Hmm, you're right, I might be catastrophizing the differences a bit here; and it's probably a small price to pay for decentralisation anyway!
We'll probably need some equivalent of sameAs
for hypergit
remotes, or a way of marking a remote as hidden. This way I can tell people to always pull from my freddie-desktop
remote, and to ignore my freddie-laptop
, and freddie-mobile
remotes as they're meant for my eyes only
Hmm, you're right, I might be catastrophizing the differences a bit here; and it's probably a small price to pay for decentralisation anyway!

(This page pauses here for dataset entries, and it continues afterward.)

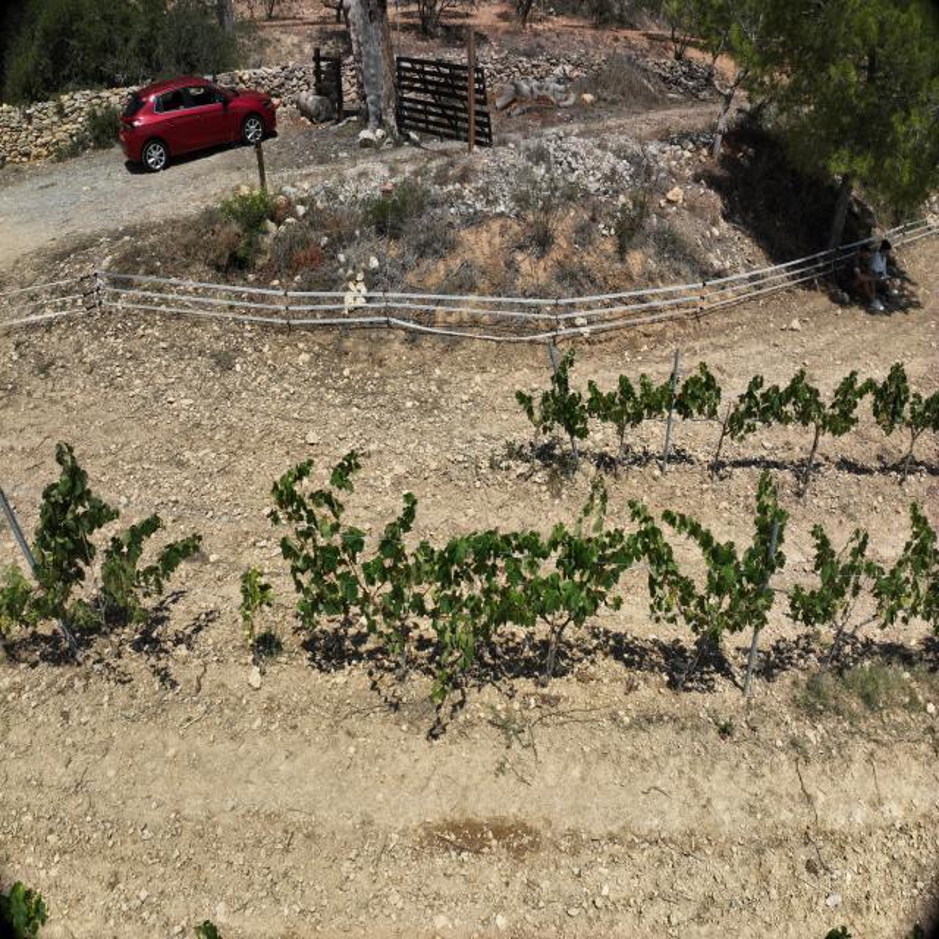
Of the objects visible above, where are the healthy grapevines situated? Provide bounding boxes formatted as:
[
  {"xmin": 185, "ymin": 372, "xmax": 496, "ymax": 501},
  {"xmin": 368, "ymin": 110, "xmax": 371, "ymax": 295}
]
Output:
[
  {"xmin": 459, "ymin": 492, "xmax": 646, "ymax": 705},
  {"xmin": 0, "ymin": 430, "xmax": 200, "ymax": 695},
  {"xmin": 783, "ymin": 481, "xmax": 939, "ymax": 697},
  {"xmin": 629, "ymin": 471, "xmax": 794, "ymax": 701},
  {"xmin": 236, "ymin": 443, "xmax": 480, "ymax": 722}
]

We'll probably need some equivalent of sameAs for hypergit remotes, or a way of marking a remote as hidden. This way I can tell people to always pull from my freddie-desktop remote, and to ignore my freddie-laptop, and freddie-mobile remotes as they're meant for my eyes only
I think those are very valid concerns, in fact IMO they are exact same concerns as the ones I hold, we are just considered different scenarios. I believe that there needs to be a mechanism for participants (whether those are different machines that same individual controls or different individuals) need to converge onto canonical git history or participants would need to coordinate changes manually. I don't believe manual option can be managed at scale.
It seems that @noffle and @staltz are exploring way to facilitate coordination with gitverse
and I would love to get better understand what it would look like.

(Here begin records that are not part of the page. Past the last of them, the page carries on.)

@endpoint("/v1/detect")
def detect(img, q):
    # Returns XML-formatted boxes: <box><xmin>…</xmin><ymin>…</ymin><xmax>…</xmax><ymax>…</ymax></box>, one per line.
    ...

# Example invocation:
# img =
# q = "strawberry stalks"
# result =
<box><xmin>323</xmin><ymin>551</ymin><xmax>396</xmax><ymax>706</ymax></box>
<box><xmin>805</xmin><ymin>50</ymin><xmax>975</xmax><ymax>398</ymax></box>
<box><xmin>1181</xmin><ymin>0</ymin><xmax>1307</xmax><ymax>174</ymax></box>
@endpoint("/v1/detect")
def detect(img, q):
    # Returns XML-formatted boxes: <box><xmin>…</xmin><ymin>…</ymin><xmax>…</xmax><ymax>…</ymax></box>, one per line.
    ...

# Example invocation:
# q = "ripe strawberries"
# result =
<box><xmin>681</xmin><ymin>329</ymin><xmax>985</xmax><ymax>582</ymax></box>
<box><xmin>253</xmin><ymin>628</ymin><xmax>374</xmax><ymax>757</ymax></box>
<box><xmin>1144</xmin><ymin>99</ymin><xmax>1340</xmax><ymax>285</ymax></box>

@Gozala Here's a design doc: https://gitlab.com/staltz/gitverse-ideas but we've evolved some of those ideas since then. Also I'm building a CLI, you can pul the code from here: hypergit://1c2a333909c421e1983b4a098db673476836b7191484565bc0c046406fcd4ec0
Hi @noffle
First of all thanks for doing this. I wanted to followup on twitter thread and here seems more appropriate. I have to admit I have never used git-ssb although I read through your intro and to be honest I found same thing confusing there as well. Preserving both versions to let user do a merge sounds pretty reasonable, but what I don't understand is how that might work in practice, specifically it seems to me that it would not really resolve the issue but rather mitigate it a bit. What if two authors end up resolving conflicts in a different way, then two forks might end up evolving differently and on sync would end up with a same problem. In other words it seems like preserving both versions and letting user do a merge would work as long as participants sync up fairly often, which most likely would be the case, but if they don't, I don't think this would help.
I'll write some thought on how I think that might be solved in a separate comment.